• **What to produce**
Find every line below with "pebble" in it and give only how many there are.

Content starts

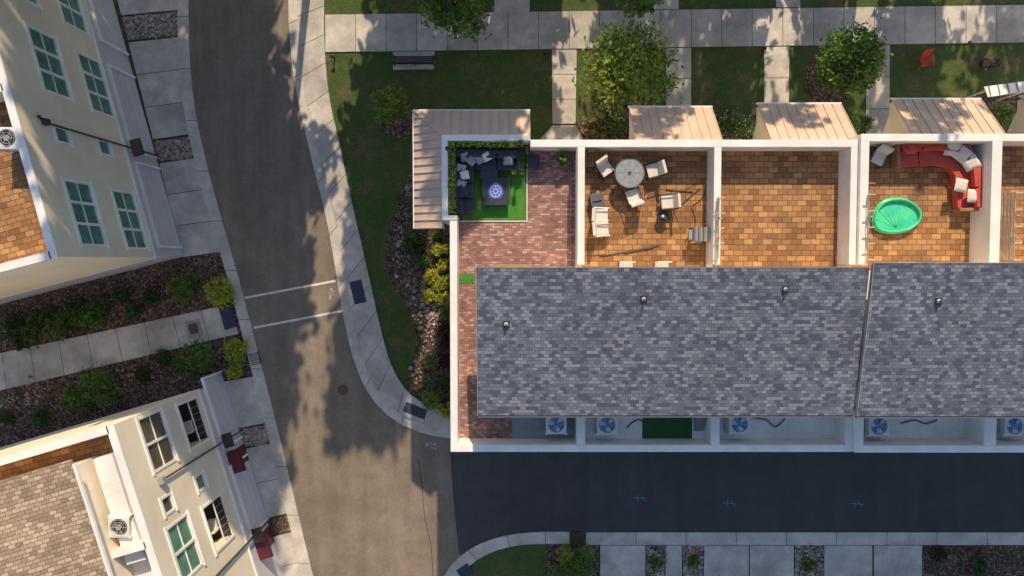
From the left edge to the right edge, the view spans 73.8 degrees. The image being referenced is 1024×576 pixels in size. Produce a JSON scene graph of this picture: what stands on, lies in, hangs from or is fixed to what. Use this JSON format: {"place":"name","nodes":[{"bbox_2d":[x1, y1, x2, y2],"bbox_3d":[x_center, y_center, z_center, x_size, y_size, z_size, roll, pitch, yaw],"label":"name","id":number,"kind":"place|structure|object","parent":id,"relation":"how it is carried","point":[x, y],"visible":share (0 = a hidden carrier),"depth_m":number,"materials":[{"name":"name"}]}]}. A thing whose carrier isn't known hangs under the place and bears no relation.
{"place":"outdoors","nodes":[
{"label":"outdoors","id":0,"kind":"place"},
{"bbox_2d":[0,307,238,389],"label":"garden path","id":1,"kind":"structure","parent":0,"point":[61,358],"depth_m":40.12,"materials":[{"name":"concrete"}]},
{"bbox_2d":[185,319,202,337],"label":"utility vault lid","id":2,"kind":"object","parent":1,"relation":"on","point":[193,327],"visible":1,"depth_m":40.01,"materials":[{"name":"concrete"}]},
{"bbox_2d":[218,304,236,329],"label":"tactile paving","id":3,"kind":"structure","parent":1,"relation":"on","point":[228,318],"depth_m":40.02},
{"bbox_2d":[118,0,176,14],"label":"driveway","id":4,"kind":"structure","parent":0,"point":[128,7],"depth_m":39.34,"materials":[{"name":"concrete"}]},
{"bbox_2d":[128,37,188,139],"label":"driveway","id":5,"kind":"structure","parent":0,"point":[156,64],"depth_m":39.51,"materials":[{"name":"concrete"}]},
{"bbox_2d":[159,158,219,256],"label":"driveway","id":6,"kind":"structure","parent":0,"point":[192,221],"depth_m":39.79,"materials":[{"name":"concrete"}]},
{"bbox_2d":[246,444,286,517],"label":"driveway","id":7,"kind":"structure","parent":0,"point":[262,464],"depth_m":40.42,"materials":[{"name":"concrete"}]},
{"bbox_2d":[273,532,301,575],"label":"driveway","id":8,"kind":"structure","parent":0,"point":[286,550],"depth_m":40.60,"materials":[{"name":"concrete"}]},
{"bbox_2d":[189,0,460,575],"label":"asphalt road","id":9,"kind":"structure","parent":0,"point":[354,453],"depth_m":40.12,"materials":[{"name":"asphalt"}]},
{"bbox_2d":[245,280,341,328],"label":"crosswalk marking","id":10,"kind":"object","parent":9,"relation":"on","point":[289,289],"visible":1,"depth_m":40.04,"materials":[{"name":"white paint"}]},
{"bbox_2d":[297,0,450,428],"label":"sidewalk","id":11,"kind":"structure","parent":0,"point":[395,394],"depth_m":39.73,"materials":[{"name":"concrete"}]},
{"bbox_2d":[349,280,366,303],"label":"tactile paving","id":12,"kind":"structure","parent":11,"relation":"on","point":[358,293],"depth_m":39.90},
{"bbox_2d":[403,402,426,418],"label":"tactile paving","id":13,"kind":"structure","parent":11,"relation":"on","point":[414,410],"depth_m":40.17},
{"bbox_2d":[494,0,529,11],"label":"garden path","id":14,"kind":"structure","parent":0,"point":[511,5],"depth_m":39.34,"materials":[{"name":"concrete"}]},
{"bbox_2d":[552,50,576,123],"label":"garden path","id":15,"kind":"structure","parent":0,"point":[563,90],"depth_m":39.52,"materials":[{"name":"concrete"}]},
{"bbox_2d":[113,0,1023,575],"bbox_3d":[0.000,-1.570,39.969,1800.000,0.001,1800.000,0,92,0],"label":"ground","id":16,"kind":"structure","parent":0,"point":[377,164],"depth_m":39.57,"materials":[{"name":"green plant"}]},
{"bbox_2d":[0,0,182,303],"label":"cream townhouse row","id":17,"kind":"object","parent":16,"relation":"on","point":[83,197],"visible":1,"depth_m":32.35,"materials":[{"name":"paint"}]},
{"bbox_2d":[23,0,150,250],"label":"windows","id":18,"kind":"structure","parent":17,"relation":"in","point":[81,197],"depth_m":32.49,"materials":[{"name":"green glass"}]},
{"bbox_2d":[0,252,252,446],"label":"mulch bed","id":19,"kind":"object","parent":16,"relation":"on","point":[161,386],"visible":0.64,"depth_m":40.16,"materials":[{"name":"brown soil"}]},
{"bbox_2d":[0,314,25,337],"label":"garden shrub","id":20,"kind":"object","parent":19,"relation":"on","point":[11,330],"visible":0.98,"depth_m":39.45,"materials":[{"name":"green plant"}]},
{"bbox_2d":[9,330,30,351],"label":"garden shrub","id":21,"kind":"object","parent":19,"relation":"on","point":[18,341],"visible":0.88,"depth_m":39.48,"materials":[{"name":"green plant"}]},
{"bbox_2d":[17,314,45,343],"bbox_3d":[-27.848,2.348,39.547,1.747,1.239,1.803,0,92,0],"label":"garden shrub","id":22,"kind":"object","parent":19,"relation":"on","point":[28,334],"visible":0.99,"depth_m":39.35,"materials":[{"name":"green plant"}]},
{"bbox_2d":[27,407,50,426],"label":"garden shrub","id":23,"kind":"object","parent":19,"relation":"on","point":[40,418],"visible":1,"depth_m":39.83,"materials":[{"name":"green plant"}]},
{"bbox_2d":[42,315,67,341],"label":"garden shrub","id":24,"kind":"object","parent":19,"relation":"on","point":[59,329],"visible":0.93,"depth_m":39.35,"materials":[{"name":"green plant"}]},
{"bbox_2d":[54,297,84,327],"bbox_3d":[-25.493,1.383,39.482,1.802,1.302,1.862,0,92,0],"label":"garden shrub","id":25,"kind":"object","parent":19,"relation":"on","point":[69,311],"visible":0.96,"depth_m":39.33,"materials":[{"name":"green plant"}]},
{"bbox_2d":[56,384,92,415],"bbox_3d":[-25.445,6.468,39.626,1.830,1.358,2.015,-40,92,1],"label":"garden shrub","id":26,"kind":"object","parent":19,"relation":"on","point":[71,396],"visible":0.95,"depth_m":39.47,"materials":[{"name":"green plant"}]},
{"bbox_2d":[78,301,104,327],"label":"garden shrub","id":27,"kind":"object","parent":19,"relation":"on","point":[88,318],"visible":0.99,"depth_m":39.36,"materials":[{"name":"green plant"}]},
{"bbox_2d":[74,362,123,408],"bbox_3d":[-23.832,5.615,39.377,2.763,1.764,2.426,24,92,-1],"label":"garden shrub","id":28,"kind":"object","parent":19,"relation":"on","point":[106,378],"visible":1,"depth_m":39.20,"materials":[{"name":"green plant"}]},
{"bbox_2d":[111,286,129,304],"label":"garden shrub","id":29,"kind":"object","parent":19,"relation":"on","point":[123,295],"visible":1,"depth_m":39.56,"materials":[{"name":"green plant"}]},
{"bbox_2d":[0,14,267,446],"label":"garden rocks","id":30,"kind":"object","parent":19,"relation":"on","point":[181,157],"visible":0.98,"depth_m":39.66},
{"bbox_2d":[123,303,144,322],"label":"garden shrub","id":31,"kind":"object","parent":19,"relation":"on","point":[130,311],"visible":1,"depth_m":39.62,"materials":[{"name":"green plant"}]},
{"bbox_2d":[153,348,171,367],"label":"garden shrub","id":32,"kind":"object","parent":19,"relation":"on","point":[165,358],"visible":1,"depth_m":39.70,"materials":[{"name":"green plant"}]},
{"bbox_2d":[164,274,196,303],"bbox_3d":[-19.119,0.010,39.451,1.610,1.176,1.556,28,92,-1],"label":"garden shrub","id":33,"kind":"object","parent":19,"relation":"on","point":[183,289],"visible":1,"depth_m":39.27,"materials":[{"name":"green plant"}]},
{"bbox_2d":[177,337,215,373],"bbox_3d":[-18.272,3.869,39.489,2.154,1.402,2.259,0,92,0],"label":"garden shrub","id":34,"kind":"object","parent":19,"relation":"on","point":[195,363],"visible":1,"depth_m":39.32,"materials":[{"name":"green plant"}]},
{"bbox_2d":[202,276,236,310],"bbox_3d":[-16.850,0.369,39.418,2.011,1.270,2.111,0,92,0],"label":"garden shrub","id":35,"kind":"object","parent":19,"relation":"on","point":[224,290],"visible":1,"depth_m":39.33,"materials":[{"name":"green plant"}]},
{"bbox_2d":[223,337,249,361],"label":"garden shrub","id":36,"kind":"object","parent":19,"relation":"on","point":[236,346],"visible":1,"depth_m":39.50,"materials":[{"name":"green plant"}]},
{"bbox_2d":[0,371,284,575],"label":"tan roof townhouse row","id":37,"kind":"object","parent":16,"relation":"on","point":[166,487],"visible":1,"depth_m":30.10,"materials":[{"name":"beige paint"}]},
{"bbox_2d":[135,396,234,575],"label":"windows","id":38,"kind":"structure","parent":37,"relation":"in","point":[153,427],"depth_m":32.34,"materials":[{"name":"white glass"}]},
{"bbox_2d":[122,12,177,39],"bbox_3d":[-20.848,-15.122,39.407,3.216,0.001,1.363,-5,92,0],"label":"pebble strip","id":39,"kind":"object","parent":16,"relation":"on","point":[135,29],"visible":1,"depth_m":39.41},
{"bbox_2d":[154,137,192,160],"bbox_3d":[-19.646,-8.093,39.683,2.209,0.001,1.159,-8,92,0],"label":"pebble strip","id":40,"kind":"object","parent":16,"relation":"on","point":[182,148],"visible":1,"depth_m":39.68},
{"bbox_2d":[224,376,264,427],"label":"driveway","id":41,"kind":"structure","parent":16,"relation":"on","point":[244,400],"depth_m":40.24,"materials":[{"name":"concrete"}]},
{"bbox_2d":[177,0,312,575],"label":"kerb","id":42,"kind":"structure","parent":16,"relation":"on","point":[233,277],"depth_m":39.96,"materials":[{"name":"concrete"}]},
{"bbox_2d":[239,425,268,445],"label":"pebble strip","id":43,"kind":"object","parent":16,"relation":"on","point":[261,427],"visible":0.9,"depth_m":40.34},
{"bbox_2d":[268,515,290,534],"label":"pebble strip","id":44,"kind":"object","parent":16,"relation":"on","point":[280,524],"visible":0.9,"depth_m":40.55,"materials":[{"name":"gravel"}]},
{"bbox_2d":[288,0,450,437],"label":"kerb","id":45,"kind":"structure","parent":16,"relation":"on","point":[381,402],"depth_m":39.88,"materials":[{"name":"concrete"}]},
{"bbox_2d":[379,100,412,138],"bbox_3d":[-6.598,-9.798,39.633,2.158,0.001,2.344,33,92,-1],"label":"tree mulch ring","id":46,"kind":"object","parent":16,"relation":"on","point":[403,129],"visible":0.5,"depth_m":39.65,"materials":[{"name":"brown stone"}]},
{"bbox_2d":[369,83,411,127],"bbox_3d":[-6.723,-10.134,38.124,2.396,3.021,2.374,0,92,0],"label":"ornamental tree","id":47,"kind":"object","parent":46,"relation":"on","point":[395,107],"visible":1,"depth_m":37.36,"materials":[{"name":"green plant"}]},
{"bbox_2d":[393,51,433,69],"bbox_3d":[-5.691,-13.165,39.489,2.388,0.050,1.061,0,92,0],"label":"bench pad","id":48,"kind":"object","parent":16,"relation":"on","point":[413,66],"visible":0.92,"depth_m":39.47,"materials":[{"name":"concrete"}]},
{"bbox_2d":[392,55,434,65],"bbox_3d":[-5.616,-13.033,39.043,2.300,0.850,0.520,0,92,0],"label":"park bench","id":49,"kind":"object","parent":48,"relation":"on","point":[411,60],"visible":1,"depth_m":39.06,"materials":[{"name":"black metal"}]},
{"bbox_2d":[385,170,449,408],"bbox_3d":[-4.048,-0.163,40.014,6.810,0.001,15.088,0,92,0],"label":"mulch bed","id":50,"kind":"object","parent":16,"relation":"on","point":[401,288],"visible":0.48,"depth_m":40.00,"materials":[{"name":"brown soil"}]},
{"bbox_2d":[403,233,427,255],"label":"garden shrub","id":51,"kind":"object","parent":50,"relation":"on","point":[411,241],"visible":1,"depth_m":39.30,"materials":[{"name":"green plant"}]},
{"bbox_2d":[390,184,445,385],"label":"river rocks","id":52,"kind":"object","parent":50,"relation":"on","point":[423,305],"visible":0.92,"depth_m":39.98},
{"bbox_2d":[420,390,439,413],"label":"garden shrub","id":53,"kind":"object","parent":50,"relation":"on","point":[427,396],"visible":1,"depth_m":39.64,"materials":[{"name":"green plant"}]},
{"bbox_2d":[28,111,1020,575],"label":"groundcover plants","id":54,"kind":"object","parent":16,"relation":"on","point":[440,377],"visible":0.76,"depth_m":40.09,"materials":[{"name":"green plant"}]},
{"bbox_2d":[541,125,582,139],"bbox_3d":[2.796,-8.356,39.678,2.700,0.050,2.187,0,92,0],"label":"porch step","id":55,"kind":"object","parent":16,"relation":"on","point":[562,132],"visible":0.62,"depth_m":39.63,"materials":[{"name":"concrete"}]},
{"bbox_2d":[545,544,598,575],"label":"mulch bed","id":56,"kind":"object","parent":16,"relation":"on","point":[551,553],"visible":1,"depth_m":40.65,"materials":[{"name":"brown soil"}]},
{"bbox_2d":[556,544,574,565],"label":"garden shrub","id":57,"kind":"object","parent":56,"relation":"on","point":[564,553],"visible":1,"depth_m":40.13,"materials":[{"name":"green plant"}]},
{"bbox_2d":[559,551,594,575],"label":"garden shrub","id":58,"kind":"object","parent":56,"relation":"on","point":[575,569],"visible":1,"depth_m":39.83,"materials":[{"name":"green plant"}]},
{"bbox_2d":[577,112,628,139],"bbox_3d":[6.366,-8.770,39.677,5.144,0.001,3.014,0,92,0],"label":"mulch bed","id":59,"kind":"object","parent":16,"relation":"on","point":[584,134],"visible":0.25,"depth_m":39.66,"materials":[{"name":"brown soil"}]},
{"bbox_2d":[581,112,610,138],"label":"garden shrub","id":60,"kind":"object","parent":59,"relation":"on","point":[599,125],"visible":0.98,"depth_m":38.94,"materials":[{"name":"green plant"}]},
{"bbox_2d":[604,76,644,118],"bbox_3d":[6.508,-11.040,39.585,2.431,0.001,2.517,0,92,0],"label":"tree mulch ring","id":61,"kind":"object","parent":16,"relation":"on","point":[625,105],"visible":0.21,"depth_m":39.60,"materials":[{"name":"brown soil"}]},
{"bbox_2d":[572,11,684,124],"bbox_3d":[6.062,-11.533,36.505,5.947,6.143,5.931,0,92,0],"label":"shade tree","id":62,"kind":"object","parent":61,"relation":"on","point":[621,73],"visible":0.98,"depth_m":35.01,"materials":[{"name":"green plant"}]},
{"bbox_2d":[412,102,869,451],"bbox_3d":[5.360,-0.821,33.004,19.237,13.978,15.374,0,92,0],"label":"grey roof townhouse row","id":63,"kind":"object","parent":16,"relation":"on","point":[691,346],"visible":0.94,"depth_m":28.70,"materials":[{"name":"beige paint"}]},
{"bbox_2d":[447,140,524,214],"bbox_3d":[-1.101,-4.660,29.052,3.304,1.230,3.098,0,92,0],"label":"hedge screen","id":64,"kind":"object","parent":63,"relation":"on","point":[451,186],"visible":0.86,"depth_m":28.71,"materials":[{"name":"green plant"}]},
{"bbox_2d":[453,149,520,214],"bbox_3d":[-1.062,-4.532,29.209,2.861,0.752,2.745,0,92,0],"label":"outdoor sectional sofa","id":65,"kind":"object","parent":63,"relation":"on","point":[468,161],"visible":0.94,"depth_m":28.90,"materials":[{"name":"black fabric"}]},
{"bbox_2d":[482,178,508,204],"bbox_3d":[-0.699,-4.144,29.399,1.160,0.422,1.160,0,92,0],"label":"outdoor coffee table","id":66,"kind":"object","parent":63,"relation":"on","point":[495,191],"visible":1,"depth_m":29.21,"materials":[{"name":"grey"}]},
{"bbox_2d":[545,418,566,434],"bbox_3d":[1.900,5.823,29.593,0.940,0.797,0.940,0,92,0],"label":"ac condenser","id":67,"kind":"object","parent":63,"relation":"on","point":[555,425],"visible":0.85,"depth_m":29.24,"materials":[{"name":"grey metal"}]},
{"bbox_2d":[591,207,608,223],"bbox_3d":[3.755,-3.101,29.231,0.786,0.890,0.711,0,92,0],"label":"white lounge chair","id":68,"kind":"object","parent":63,"relation":"on","point":[599,213],"visible":0.91,"depth_m":29.20,"materials":[{"name":"fabric"}]},
{"bbox_2d":[592,220,609,237],"bbox_3d":[3.785,-2.541,29.253,0.766,0.890,0.690,-5,92,0],"label":"white lounge chair","id":69,"kind":"object","parent":63,"relation":"on","point":[600,230],"visible":0.98,"depth_m":29.22,"materials":[{"name":"fabric"}]},
{"bbox_2d":[593,155,614,179],"bbox_3d":[3.957,-5.160,29.150,0.690,0.890,0.766,-35,92,1],"label":"patio chair","id":70,"kind":"object","parent":63,"relation":"on","point":[603,166],"visible":0.98,"depth_m":29.12,"materials":[{"name":"fabric"}]},
{"bbox_2d":[594,418,617,435],"bbox_3d":[4.079,5.851,29.594,0.940,0.797,0.940,0,92,0],"label":"ac condenser","id":71,"kind":"object","parent":63,"relation":"on","point":[605,426],"visible":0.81,"depth_m":29.26,"materials":[{"name":"grey metal"}]},
{"bbox_2d":[614,158,644,187],"bbox_3d":[4.980,-4.882,29.231,1.290,0.756,1.290,0,92,0],"label":"round patio table","id":72,"kind":"object","parent":63,"relation":"on","point":[629,172],"visible":1,"depth_m":28.88,"materials":[{"name":"grey metal"}]},
{"bbox_2d":[622,186,644,206],"bbox_3d":[5.202,-3.866,29.201,0.690,0.890,0.766,-20,92,1],"label":"patio chair","id":73,"kind":"object","parent":63,"relation":"on","point":[633,197],"visible":1,"depth_m":29.17,"materials":[{"name":"fabric"}]},
{"bbox_2d":[643,159,666,180],"bbox_3d":[6.112,-5.053,29.154,0.766,0.890,0.690,-15,92,1],"label":"patio chair","id":74,"kind":"object","parent":63,"relation":"on","point":[657,168],"visible":0.98,"depth_m":29.12,"materials":[{"name":"fabric"}]},
{"bbox_2d":[658,192,680,210],"bbox_3d":[6.738,-3.688,29.208,0.766,0.890,0.690,-5,92,0],"label":"patio chair","id":75,"kind":"object","parent":63,"relation":"on","point":[670,201],"visible":1,"depth_m":29.18,"materials":[{"name":"white fabric"}]},
{"bbox_2d":[689,227,708,241],"bbox_3d":[7.944,-2.272,29.333,0.830,0.760,0.644,0,92,0],"label":"grill","id":76,"kind":"object","parent":63,"relation":"on","point":[698,234],"visible":1,"depth_m":28.96,"materials":[{"name":"grey metal"}]},
{"bbox_2d":[723,418,749,434],"bbox_3d":[9.749,5.823,29.593,0.940,0.797,0.940,0,92,0],"label":"ac condenser","id":77,"kind":"object","parent":63,"relation":"on","point":[736,425],"visible":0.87,"depth_m":29.27,"materials":[{"name":"grey metal"}]},
{"bbox_2d":[325,5,1023,51],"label":"footpath","id":78,"kind":"structure","parent":16,"relation":"on","point":[705,28],"depth_m":39.38,"materials":[{"name":"concrete"}]},
{"bbox_2d":[411,0,491,43],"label":"shade tree","id":79,"kind":"object","parent":78,"relation":"on","point":[438,17],"visible":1,"depth_m":35.91,"materials":[{"name":"green plant"}]},
{"bbox_2d":[614,0,663,18],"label":"shade tree","id":80,"kind":"object","parent":78,"relation":"on","point":[638,8],"visible":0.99,"depth_m":36.23,"materials":[{"name":"green plant"}]},
{"bbox_2d":[444,532,1023,575],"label":"kerb","id":81,"kind":"structure","parent":16,"relation":"on","point":[469,557],"depth_m":40.56,"materials":[{"name":"concrete"}]},
{"bbox_2d":[714,111,755,139],"bbox_3d":[12.537,-8.770,39.677,4.212,0.001,3.014,0,92,0],"label":"mulch bed","id":82,"kind":"object","parent":16,"relation":"on","point":[728,113],"visible":0.12,"depth_m":39.65,"materials":[{"name":"brown soil"}]},
{"bbox_2d":[717,108,752,139],"bbox_3d":[12.573,-9.218,38.966,2.058,1.421,1.896,0,92,0],"label":"white flowering shrub","id":83,"kind":"object","parent":82,"relation":"on","point":[729,125],"visible":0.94,"depth_m":38.73,"materials":[{"name":"green plant"}]},
{"bbox_2d":[647,545,823,575],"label":"pebble strip","id":84,"kind":"object","parent":16,"relation":"on","point":[812,553],"visible":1,"depth_m":40.64,"materials":[{"name":"gravel"}]},
{"bbox_2d":[451,451,1023,554],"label":"asphalt alley","id":85,"kind":"structure","parent":16,"relation":"on","point":[498,494],"depth_m":40.50,"materials":[{"name":"asphalt"}]},
{"bbox_2d":[804,57,850,103],"bbox_3d":[18.468,-12.068,39.544,3.107,0.001,2.935,0,92,0],"label":"tree mulch ring","id":86,"kind":"object","parent":16,"relation":"on","point":[814,91],"visible":0.29,"depth_m":39.57,"materials":[{"name":"brown stone"}]},
{"bbox_2d":[812,16,892,97],"bbox_3d":[17.924,-12.159,36.969,4.149,5.167,4.270,0,92,0],"label":"dense maple tree","id":87,"kind":"object","parent":86,"relation":"on","point":[842,68],"visible":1,"depth_m":35.49,"materials":[{"name":"green plant"}]},
{"bbox_2d":[843,95,1023,452],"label":"grey roof townhouse row","id":88,"kind":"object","parent":16,"relation":"on","point":[942,342],"visible":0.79,"depth_m":27.15,"materials":[{"name":"beige paint"}]},
{"bbox_2d":[863,418,889,436],"bbox_3d":[15.729,5.907,29.596,0.940,0.797,0.940,0,92,0],"label":"ac condenser","id":89,"kind":"object","parent":88,"relation":"on","point":[876,426],"visible":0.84,"depth_m":29.27,"materials":[{"name":"grey metal"}]},
{"bbox_2d":[869,143,894,168],"bbox_3d":[15.684,-5.634,29.131,0.690,0.890,0.766,25,92,-1],"label":"patio chair","id":90,"kind":"object","parent":88,"relation":"on","point":[879,154],"visible":0.91,"depth_m":29.10,"materials":[{"name":"fabric"}]},
{"bbox_2d":[871,197,921,233],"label":"inflatable wading pool","id":91,"kind":"structure","parent":88,"relation":"on","point":[896,215],"depth_m":29.55,"materials":[{"name":"green plastic"}]},
{"bbox_2d":[890,143,982,211],"bbox_3d":[18.269,-4.812,29.202,3.824,0.802,3.049,0,92,0],"label":"red sectional sofa","id":92,"kind":"object","parent":88,"relation":"on","point":[960,163],"visible":0.95,"depth_m":29.05,"materials":[{"name":"fabric"}]},
{"bbox_2d":[996,418,1023,436],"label":"ac condenser","id":93,"kind":"object","parent":88,"relation":"on","point":[1009,427],"visible":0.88,"depth_m":29.30,"materials":[{"name":"grey metal"}]},
{"bbox_2d":[999,192,1022,260],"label":"slatted privacy screen","id":94,"kind":"object","parent":88,"relation":"on","point":[1009,215],"visible":0.75,"depth_m":28.60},
{"bbox_2d":[922,545,1023,575],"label":"mulch bed","id":95,"kind":"object","parent":16,"relation":"on","point":[951,566],"visible":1,"depth_m":40.66,"materials":[{"name":"brown soil"}]},
{"bbox_2d":[928,545,951,566],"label":"garden shrub","id":96,"kind":"object","parent":95,"relation":"on","point":[938,552],"visible":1,"depth_m":40.17,"materials":[{"name":"green plant"}]},
{"bbox_2d":[970,557,988,575],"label":"garden shrub","id":97,"kind":"object","parent":95,"relation":"on","point":[976,568],"visible":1,"depth_m":40.18,"materials":[{"name":"green plant"}]},
{"bbox_2d":[954,93,1023,132],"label":"mulch bed","id":98,"kind":"object","parent":16,"relation":"on","point":[988,101],"visible":0.17,"depth_m":39.60,"materials":[{"name":"brown soil"}]},
{"bbox_2d":[964,81,1023,100],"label":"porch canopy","id":99,"kind":"object","parent":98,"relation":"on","point":[1016,88],"visible":0.94,"depth_m":37.01,"materials":[{"name":"white paint"}]},
{"bbox_2d":[992,100,1016,130],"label":"garden shrub","id":100,"kind":"object","parent":98,"relation":"on","point":[1006,116],"visible":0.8,"depth_m":38.69,"materials":[{"name":"green plant"}]},
{"bbox_2d":[600,545,644,575],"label":"driveway","id":101,"kind":"structure","parent":0,"point":[622,560],"depth_m":40.62,"materials":[{"name":"concrete"}]},
{"bbox_2d":[654,0,678,9],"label":"garden path","id":102,"kind":"structure","parent":0,"point":[670,5],"depth_m":39.34,"materials":[{"name":"concrete"}]},
{"bbox_2d":[665,545,681,575],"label":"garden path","id":103,"kind":"structure","parent":0,"point":[673,563],"depth_m":40.62,"materials":[{"name":"concrete"}]},
{"bbox_2d":[666,48,690,105],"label":"garden path","id":104,"kind":"structure","parent":0,"point":[683,55],"depth_m":39.50,"materials":[{"name":"concrete"}]},
{"bbox_2d":[704,545,748,575],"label":"driveway","id":105,"kind":"structure","parent":0,"point":[726,560],"depth_m":40.62,"materials":[{"name":"concrete"}]},
{"bbox_2d":[750,545,793,575],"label":"driveway","id":106,"kind":"structure","parent":0,"point":[771,560],"depth_m":40.62,"materials":[{"name":"concrete"}]},
{"bbox_2d":[764,46,788,101],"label":"garden path","id":107,"kind":"structure","parent":0,"point":[776,74],"depth_m":39.49,"materials":[{"name":"concrete"}]},
{"bbox_2d":[824,545,871,575],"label":"driveway","id":108,"kind":"structure","parent":0,"point":[847,560],"depth_m":40.62,"materials":[{"name":"concrete"}]},
{"bbox_2d":[866,45,889,133],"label":"garden path","id":109,"kind":"structure","parent":0,"point":[877,102],"depth_m":39.55,"materials":[{"name":"concrete"}]},
{"bbox_2d":[874,545,921,575],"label":"driveway","id":110,"kind":"structure","parent":0,"point":[897,560],"depth_m":40.62,"materials":[{"name":"concrete"}]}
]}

Content ends

• **Result below**
5